=== Section Start ===

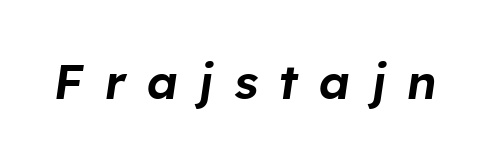
Q: Is the text italic (slanted)? A: Yes, it leans right by about 8 degrees.
Q: Is the text underlined? A: No.
Q: Is the spacing between letters normal or unusually wide? A: Unusually wide.
Q: Width (condensed, normal, or wide)? A: Normal.
Q: Stroke contrast? A: Low.
Q: x-height? A: Medium.
Q: Monospaced? A: No.
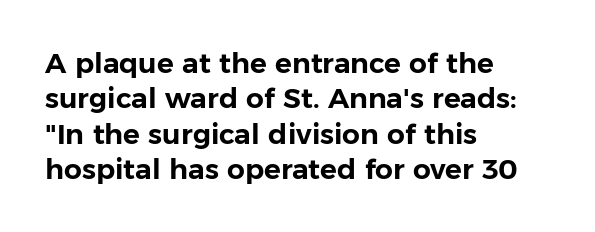
Q: Is the text italic (slanted)? A: No, it is upright.
Q: Is the typeface a serif or a sans-serif typeface? A: Sans-serif.
Q: Is the text underlined? A: No.
Q: How is the paragraph aligned? A: Left-aligned.
Q: Is the spacing between letters normal or unusually wide? A: Normal.
Q: Is the spacing between lines tight, normal or loose? A: Normal.
Q: Width (condensed, normal, or wide)? A: Normal.
Q: Stroke contrast? A: Low.
Q: x-height? A: Medium.
Q: Monospaced? A: No.

=== Section End ===

Copy out, from the listing above, every line that contains the word "spacing".

§ SOLVED PROBLEM
Q: Is the spacing between letters normal or unusually wide? A: Unusually wide.
Q: Is the spacing between letters normal or unusually wide? A: Normal.
Q: Is the spacing between lines tight, normal or loose? A: Normal.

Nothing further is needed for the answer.